How are the new voting machines working?


TIM KELLY PHOTO With guidance from poll watcher Jane Minerva (right) Susan Jermusyk casts her ballot at the Cutchogue firehouse using the new electronic voting machine Tuesday afternoon


Are the new electronic voting machines a help or a hindrance?
That depends on who’s asking.
Reports from polling stations across the area indicated some problems with the new system getting its first major test on Election Day.
But in other spots, the machines lived up to the promise of simplifying and speeding up the voting process.
Gone are the days when voters walked into a booth, pulled a handle to close the curtains, flicked down tiny switches over candidates and then pulled back the lever to record the vote and open the curtains. Now voters take a ballot sheet to one of several privacy stations, mark their choices with a felt-tip pen and then feed the paper ballot into an electronic tabulator.

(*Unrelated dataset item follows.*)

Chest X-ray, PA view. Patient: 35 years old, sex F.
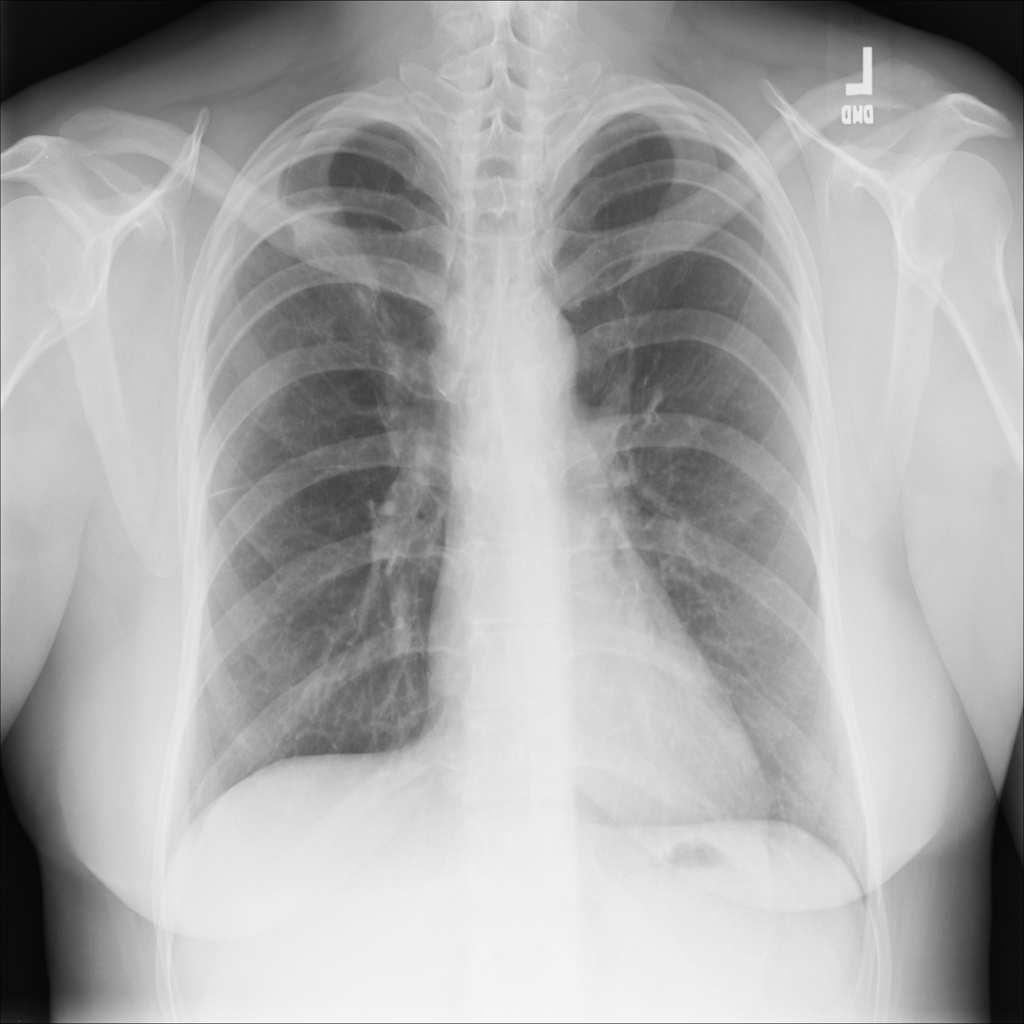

The problems reported throughout the day include misfeeds, which can result from a voter marking more than one candidate in the same race or someone misunderstanding the system.
In other cases poll watchers drew criticism for failing to properly describe the use of privacy sleeves, which keep a voter’s choices hidden, and for failing to indicate that privacy can be maintained by simply feeding in the ballot forms face-down.
A Mattituck woman voting at the high school said when she accidentally mismarked the ballot the machine spit it back out. The poll watcher flipped the ballot over in order to write on it, but that made it visible to the people on the line, said Joan Zanieski.
“I was very upset,” she said. “I don’t see why she had to look at it. I don’t think that’s right.”
At the Cutchogue firehouse, the voting went “exceptionally well,” said poll watcher Shannon Simon. By mid-afternoon over 300 people had voted but there was no line.
“It couldn’t be going better,” Ms. Simon said.